▶ **REQUIREMENT**
Restate every line of the material, word for word.

──────── RECORDS SUPPLIED

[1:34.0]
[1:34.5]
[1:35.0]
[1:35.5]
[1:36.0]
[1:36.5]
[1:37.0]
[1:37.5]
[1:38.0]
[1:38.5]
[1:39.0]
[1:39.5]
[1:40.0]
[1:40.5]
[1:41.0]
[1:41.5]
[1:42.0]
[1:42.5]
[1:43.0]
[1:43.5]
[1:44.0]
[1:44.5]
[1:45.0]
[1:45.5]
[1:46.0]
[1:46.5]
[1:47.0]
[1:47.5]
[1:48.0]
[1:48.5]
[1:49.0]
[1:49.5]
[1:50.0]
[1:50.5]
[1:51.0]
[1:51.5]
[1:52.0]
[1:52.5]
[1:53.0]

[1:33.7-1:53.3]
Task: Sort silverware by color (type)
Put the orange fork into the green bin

────────────────

▶ **WRITTEN SOLUTION**
[1:34.0]
[1:34.5]
[1:35.0]
[1:35.5]
[1:36.0]
[1:36.5]
[1:37.0]
[1:37.5]
[1:38.0]
[1:38.5]
[1:39.0]
[1:39.5]
[1:40.0]
[1:40.5]
[1:41.0]
[1:41.5]
[1:42.0]
[1:42.5]
[1:43.0]
[1:43.5]
[1:44.0]
[1:44.5]
[1:45.0]
[1:45.5]
[1:46.0]
[1:46.5]
[1:47.0]
[1:47.5]
[1:48.0]
[1:48.5]
[1:49.0]
[1:49.5]
[1:50.0]
[1:50.5]
[1:51.0]
[1:51.5]
[1:52.0]
[1:52.5]
[1:53.0]

[1:33.7-1:53.3]
Task: Sort silverware by color (type)
Put the orange fork into the green bin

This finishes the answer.